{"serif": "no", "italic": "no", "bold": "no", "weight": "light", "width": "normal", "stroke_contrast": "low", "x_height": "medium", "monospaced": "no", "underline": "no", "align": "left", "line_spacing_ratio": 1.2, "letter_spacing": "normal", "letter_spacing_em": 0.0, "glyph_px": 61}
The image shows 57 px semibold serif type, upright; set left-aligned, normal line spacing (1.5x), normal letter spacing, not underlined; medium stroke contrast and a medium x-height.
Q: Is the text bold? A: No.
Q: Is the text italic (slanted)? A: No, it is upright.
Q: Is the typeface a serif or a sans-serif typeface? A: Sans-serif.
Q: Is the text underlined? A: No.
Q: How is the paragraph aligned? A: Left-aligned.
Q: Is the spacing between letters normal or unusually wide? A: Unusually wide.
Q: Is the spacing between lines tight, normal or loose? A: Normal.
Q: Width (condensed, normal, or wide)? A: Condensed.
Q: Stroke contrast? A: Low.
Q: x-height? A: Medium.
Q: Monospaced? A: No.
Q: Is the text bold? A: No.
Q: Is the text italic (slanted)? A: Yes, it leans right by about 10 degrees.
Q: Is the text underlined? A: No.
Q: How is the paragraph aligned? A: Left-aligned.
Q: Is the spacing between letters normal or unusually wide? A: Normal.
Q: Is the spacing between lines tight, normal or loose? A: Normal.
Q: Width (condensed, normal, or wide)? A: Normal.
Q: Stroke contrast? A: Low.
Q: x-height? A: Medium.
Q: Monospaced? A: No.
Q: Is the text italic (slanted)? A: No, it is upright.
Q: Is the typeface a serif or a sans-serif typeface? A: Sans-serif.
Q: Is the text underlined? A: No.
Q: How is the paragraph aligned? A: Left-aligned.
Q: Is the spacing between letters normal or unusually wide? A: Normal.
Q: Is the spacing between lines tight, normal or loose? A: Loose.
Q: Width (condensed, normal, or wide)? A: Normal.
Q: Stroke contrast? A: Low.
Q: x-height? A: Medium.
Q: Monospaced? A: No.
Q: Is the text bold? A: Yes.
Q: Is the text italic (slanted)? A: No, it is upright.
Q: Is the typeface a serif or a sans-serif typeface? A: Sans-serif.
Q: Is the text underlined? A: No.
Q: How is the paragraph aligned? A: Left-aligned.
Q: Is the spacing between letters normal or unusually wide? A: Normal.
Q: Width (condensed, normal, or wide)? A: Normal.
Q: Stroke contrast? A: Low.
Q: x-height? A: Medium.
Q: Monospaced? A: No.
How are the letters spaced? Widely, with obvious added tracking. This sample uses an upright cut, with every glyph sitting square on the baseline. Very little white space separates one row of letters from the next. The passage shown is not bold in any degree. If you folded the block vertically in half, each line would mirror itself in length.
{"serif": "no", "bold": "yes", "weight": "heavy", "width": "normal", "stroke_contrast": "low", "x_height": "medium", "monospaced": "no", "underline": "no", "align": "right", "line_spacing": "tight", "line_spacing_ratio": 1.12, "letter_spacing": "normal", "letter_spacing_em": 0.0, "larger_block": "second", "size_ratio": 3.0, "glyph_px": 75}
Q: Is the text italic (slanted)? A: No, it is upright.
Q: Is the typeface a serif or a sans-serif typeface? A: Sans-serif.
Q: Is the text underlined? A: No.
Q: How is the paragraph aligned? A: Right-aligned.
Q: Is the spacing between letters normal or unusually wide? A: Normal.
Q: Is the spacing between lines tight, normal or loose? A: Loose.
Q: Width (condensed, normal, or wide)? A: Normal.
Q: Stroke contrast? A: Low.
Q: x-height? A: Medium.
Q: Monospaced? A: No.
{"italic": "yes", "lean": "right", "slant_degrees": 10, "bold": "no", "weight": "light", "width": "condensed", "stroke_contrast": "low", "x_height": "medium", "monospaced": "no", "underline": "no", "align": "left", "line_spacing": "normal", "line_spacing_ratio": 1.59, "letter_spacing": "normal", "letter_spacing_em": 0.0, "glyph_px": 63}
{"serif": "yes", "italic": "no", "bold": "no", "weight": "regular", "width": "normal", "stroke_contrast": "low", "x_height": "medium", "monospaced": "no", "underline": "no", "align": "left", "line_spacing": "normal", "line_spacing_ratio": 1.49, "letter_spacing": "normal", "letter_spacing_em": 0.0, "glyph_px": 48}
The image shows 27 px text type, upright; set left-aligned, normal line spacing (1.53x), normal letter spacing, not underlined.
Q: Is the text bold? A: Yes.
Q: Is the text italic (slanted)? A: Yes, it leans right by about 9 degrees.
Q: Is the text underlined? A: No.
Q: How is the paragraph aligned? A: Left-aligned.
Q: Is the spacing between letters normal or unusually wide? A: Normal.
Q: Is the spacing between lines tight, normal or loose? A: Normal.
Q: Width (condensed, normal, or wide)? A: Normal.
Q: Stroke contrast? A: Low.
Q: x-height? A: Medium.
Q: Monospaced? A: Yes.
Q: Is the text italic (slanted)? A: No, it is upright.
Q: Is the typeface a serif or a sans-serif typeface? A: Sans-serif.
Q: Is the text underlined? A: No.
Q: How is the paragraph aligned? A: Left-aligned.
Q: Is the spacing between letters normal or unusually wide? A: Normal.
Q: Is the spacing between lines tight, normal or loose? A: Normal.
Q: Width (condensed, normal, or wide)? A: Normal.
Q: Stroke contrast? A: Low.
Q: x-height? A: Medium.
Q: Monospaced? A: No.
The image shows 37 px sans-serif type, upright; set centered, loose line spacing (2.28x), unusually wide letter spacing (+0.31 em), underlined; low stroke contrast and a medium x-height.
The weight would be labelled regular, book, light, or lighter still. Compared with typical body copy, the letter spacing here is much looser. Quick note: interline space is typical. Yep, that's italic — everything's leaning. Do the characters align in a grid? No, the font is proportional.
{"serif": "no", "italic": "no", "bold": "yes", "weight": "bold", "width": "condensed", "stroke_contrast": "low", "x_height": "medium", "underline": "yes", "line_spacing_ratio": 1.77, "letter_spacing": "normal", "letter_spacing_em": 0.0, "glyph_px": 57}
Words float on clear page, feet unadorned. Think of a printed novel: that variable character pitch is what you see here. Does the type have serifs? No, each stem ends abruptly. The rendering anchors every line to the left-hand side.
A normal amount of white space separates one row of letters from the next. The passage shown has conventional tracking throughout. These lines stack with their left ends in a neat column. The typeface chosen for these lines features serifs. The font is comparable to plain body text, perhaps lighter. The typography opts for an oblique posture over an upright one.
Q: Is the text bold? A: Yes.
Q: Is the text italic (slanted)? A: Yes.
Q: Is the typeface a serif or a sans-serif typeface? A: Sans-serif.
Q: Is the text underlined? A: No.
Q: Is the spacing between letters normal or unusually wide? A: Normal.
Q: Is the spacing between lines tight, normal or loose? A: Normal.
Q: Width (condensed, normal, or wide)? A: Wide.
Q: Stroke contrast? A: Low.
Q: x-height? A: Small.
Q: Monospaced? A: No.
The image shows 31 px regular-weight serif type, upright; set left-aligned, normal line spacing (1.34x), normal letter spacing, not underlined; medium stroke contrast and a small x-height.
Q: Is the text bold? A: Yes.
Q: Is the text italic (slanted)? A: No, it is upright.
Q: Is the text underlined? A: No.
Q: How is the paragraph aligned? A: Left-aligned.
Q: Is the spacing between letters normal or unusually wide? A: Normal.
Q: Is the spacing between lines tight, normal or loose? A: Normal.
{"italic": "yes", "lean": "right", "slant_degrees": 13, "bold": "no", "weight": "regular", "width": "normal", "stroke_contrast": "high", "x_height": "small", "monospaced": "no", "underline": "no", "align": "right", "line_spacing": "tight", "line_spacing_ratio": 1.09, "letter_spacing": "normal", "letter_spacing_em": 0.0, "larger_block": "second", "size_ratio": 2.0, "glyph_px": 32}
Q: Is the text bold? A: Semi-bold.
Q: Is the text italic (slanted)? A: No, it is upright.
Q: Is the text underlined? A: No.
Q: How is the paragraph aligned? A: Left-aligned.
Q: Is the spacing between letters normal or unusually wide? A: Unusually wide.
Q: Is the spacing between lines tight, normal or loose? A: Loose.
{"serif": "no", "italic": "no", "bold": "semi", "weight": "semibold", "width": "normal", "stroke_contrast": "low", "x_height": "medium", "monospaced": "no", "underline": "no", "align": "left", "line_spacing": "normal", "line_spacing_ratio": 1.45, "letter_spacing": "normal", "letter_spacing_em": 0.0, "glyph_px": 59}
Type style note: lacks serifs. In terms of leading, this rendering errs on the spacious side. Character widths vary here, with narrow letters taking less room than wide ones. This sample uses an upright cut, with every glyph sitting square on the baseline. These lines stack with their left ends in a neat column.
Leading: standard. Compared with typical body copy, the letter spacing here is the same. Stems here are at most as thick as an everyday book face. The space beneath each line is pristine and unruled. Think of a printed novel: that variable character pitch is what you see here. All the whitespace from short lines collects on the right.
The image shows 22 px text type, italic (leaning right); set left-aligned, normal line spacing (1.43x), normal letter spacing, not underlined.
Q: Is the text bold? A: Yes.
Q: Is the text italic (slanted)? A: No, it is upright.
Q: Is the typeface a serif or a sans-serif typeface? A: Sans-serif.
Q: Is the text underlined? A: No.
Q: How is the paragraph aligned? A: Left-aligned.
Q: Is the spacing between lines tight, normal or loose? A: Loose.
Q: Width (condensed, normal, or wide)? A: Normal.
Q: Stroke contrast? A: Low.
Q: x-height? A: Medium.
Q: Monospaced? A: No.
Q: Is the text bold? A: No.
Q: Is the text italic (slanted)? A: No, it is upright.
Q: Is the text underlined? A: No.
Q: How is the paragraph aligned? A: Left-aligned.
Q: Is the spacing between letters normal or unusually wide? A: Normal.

== Work instructions ==
All lines above that hold the string "variable" should be copied.

== Solution to this problem ==
Words float on clear page, feet unadorned. Think of a printed novel: that variable character pitch is what you see here. Does the type have serifs? No, each stem ends abruptly. The rendering anchors every line to the left-hand side.
Leading: standard. Compared with typical body copy, the letter spacing here is the same. Stems here are at most as thick as an everyday book face. The space beneath each line is pristine and unruled. Think of a printed novel: that variable character pitch is what you see here. All the whitespace from short lines collects on the right.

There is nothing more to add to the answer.